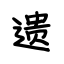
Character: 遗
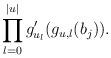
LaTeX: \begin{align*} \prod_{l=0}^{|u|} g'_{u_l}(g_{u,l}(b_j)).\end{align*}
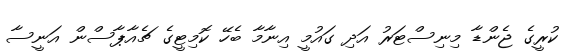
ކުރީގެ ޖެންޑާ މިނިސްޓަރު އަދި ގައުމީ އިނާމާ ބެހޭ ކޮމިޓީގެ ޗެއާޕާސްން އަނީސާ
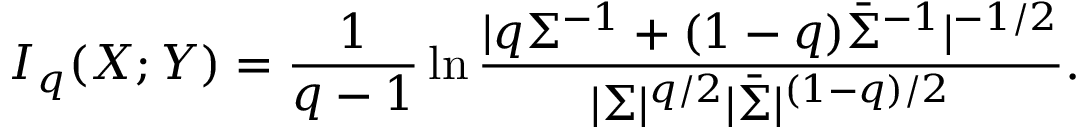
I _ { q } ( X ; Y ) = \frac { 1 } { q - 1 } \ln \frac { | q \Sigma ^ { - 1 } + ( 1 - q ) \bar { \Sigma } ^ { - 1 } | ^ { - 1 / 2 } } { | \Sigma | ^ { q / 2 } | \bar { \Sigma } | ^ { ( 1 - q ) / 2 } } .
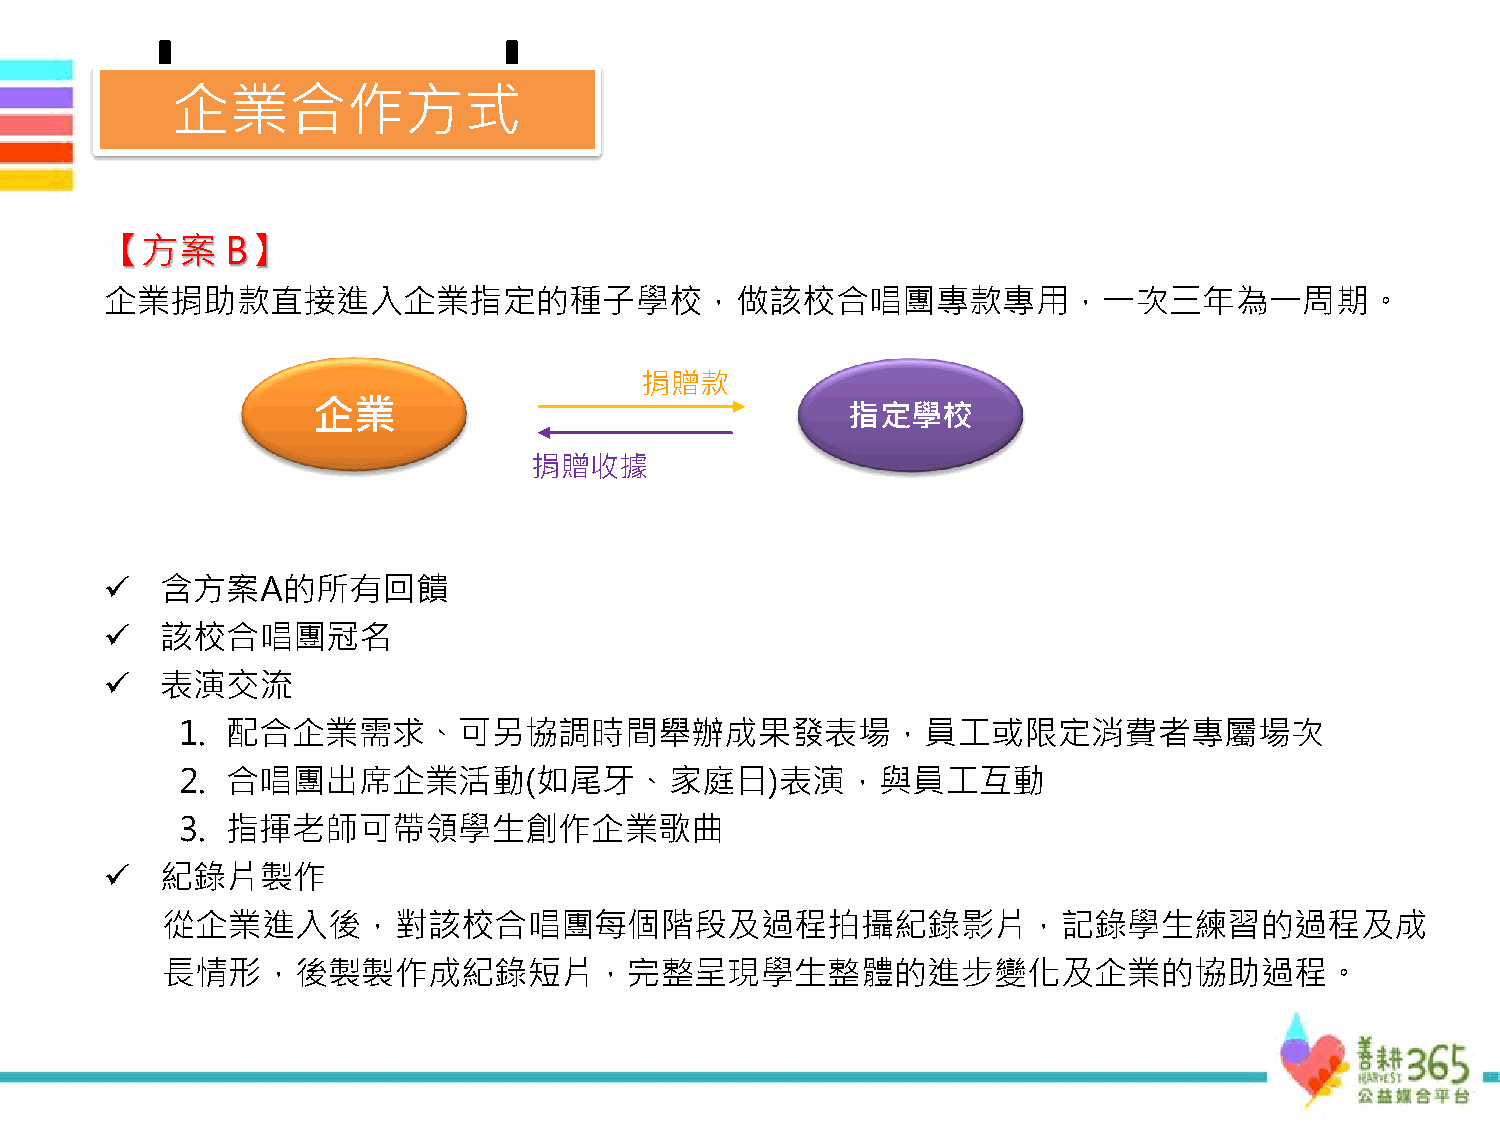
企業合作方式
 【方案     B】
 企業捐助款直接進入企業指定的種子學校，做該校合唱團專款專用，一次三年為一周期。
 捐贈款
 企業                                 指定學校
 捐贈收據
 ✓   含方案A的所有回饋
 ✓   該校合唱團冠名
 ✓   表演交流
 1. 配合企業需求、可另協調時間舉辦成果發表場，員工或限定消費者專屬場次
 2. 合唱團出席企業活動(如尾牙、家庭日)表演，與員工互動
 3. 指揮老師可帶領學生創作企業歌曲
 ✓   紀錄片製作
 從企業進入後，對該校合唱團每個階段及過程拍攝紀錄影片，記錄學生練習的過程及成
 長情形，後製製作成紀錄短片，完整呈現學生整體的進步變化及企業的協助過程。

- [What to produce]: The answer should consist only of the lines from the one containing "2. 合唱團出席企業活動(如尾牙、家庭日)表演，與員工互動" through the last line of the data, given again exactly.

- [Response area]:
 2. 合唱團出席企業活動(如尾牙、家庭日)表演，與員工互動
 3. 指揮老師可帶領學生創作企業歌曲
 ✓   紀錄片製作
 從企業進入後，對該校合唱團每個階段及過程拍攝紀錄影片，記錄學生練習的過程及成
 長情形，後製製作成紀錄短片，完整呈現學生整體的進步變化及企業的協助過程。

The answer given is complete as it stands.